Minggu, 13 Maret 2011

[ Lomba Menulis Kisah Nyata Merapi 2010 - Kedaulatan Rakyat ]
Mendung pekat menyelimuti kawasan lereng Merapi. Aku duduk di teras depan sambil mendengarkan laporan dari titik – titik pantau sungai melalui HT. Tak lama kemudian hujan deras melanda. Terdengar laporan dari wilayah atas bahwa kapasitas aliran Kali Gendol cukup besar. Beberapa pemantau yang tampaknya sedikit panik membuat suasana mencekam. Dusunku terletak 17 km dari puncak Merapi dan 100 meter di sisi timur Kali Gendol. Aku berinisiatif memantau checkdam di sebelah barat dusun. Dengan membawa payung aku berjalan menembus hujan lebat menuju tanggul sisi timur Kali Gendol. Angin kencang dan hujan deras disertai petir membuatku sedikit cemas. Pandangan mata kulempar jauh ke arah checkdam yang terletak di sebelah barat laut dari posisiku berdiri. Aliran di checkdam masih landai. Namun tak lama kemudian, tiba – tiba mataku terfokus pada kepulan asap putih pekat yang membumbung di atas checkdam. Suara gemuruhpun mulai terdengar bersamaan dengan mengalirnya lahar dingin bercampur material melalui atas checkdam dan langsung menghujam dasar checkdam. Karena cuaca semakin tidak mendukung, aku memutuskan menuruni tanggul untuk kembali ke rumah.

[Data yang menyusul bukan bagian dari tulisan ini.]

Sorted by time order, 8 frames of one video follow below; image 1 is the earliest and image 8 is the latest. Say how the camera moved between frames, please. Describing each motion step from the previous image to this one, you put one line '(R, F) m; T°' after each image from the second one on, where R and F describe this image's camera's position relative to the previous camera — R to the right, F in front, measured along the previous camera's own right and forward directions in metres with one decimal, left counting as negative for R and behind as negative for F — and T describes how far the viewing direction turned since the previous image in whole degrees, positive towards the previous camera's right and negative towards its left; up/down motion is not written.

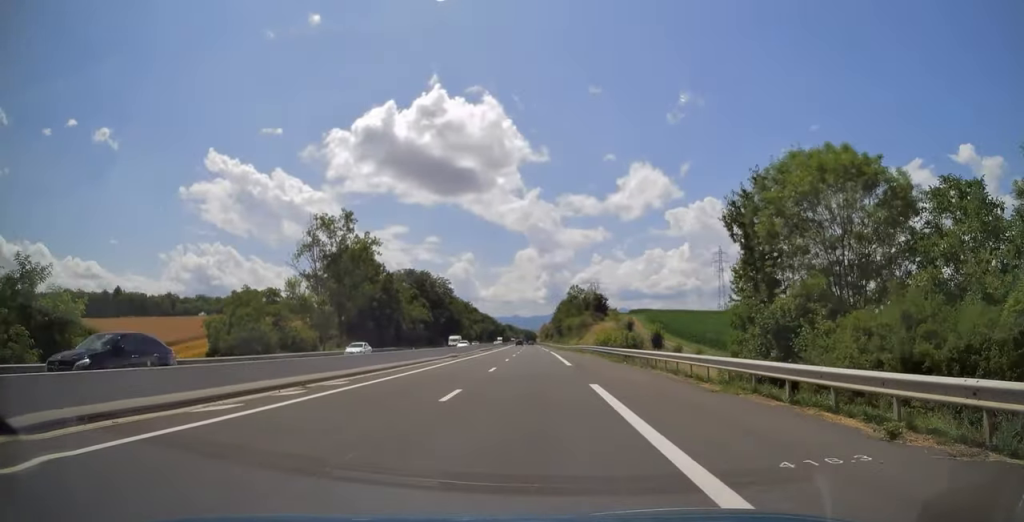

Sesampainya di rumah aku melaporkan pandangan mataku ke induk jaringan komunikasi desa kami melalui HT. Beberapa saat kemudian, Dendi yang sejak tadi memantau di checkdam Dusun Plumbon melintas di depan rumah. Bersama Dendi, aku melanjutkan pemantauan ke Checkdam Kejambon. Mengenakan jas hujan, helm, dan membawa HT, kami menembus lebatnya hujan untuk meluncur ke lokasi. Aku sedikit terkejut melihat aliran besar lahar dingin meluap sampai ke atas checkdam. Praktis akses jalan dari barat ke timur dan sebaliknya terputus. Sekitar 30cm ketinggian lahar dingin mengalir deras di atas checkdam. Aliran itu berwarna cokelat mirip kopi susu bercampur material dan batang – batang kayu. Tercium aroma belerang menyengat dari kepulan asap yang membumbung. Di sisi barat tampak samar karena tertutup kepulan asap, beberapa kendaraan memutar balik karena mustahil untuk menyeberang checkdam.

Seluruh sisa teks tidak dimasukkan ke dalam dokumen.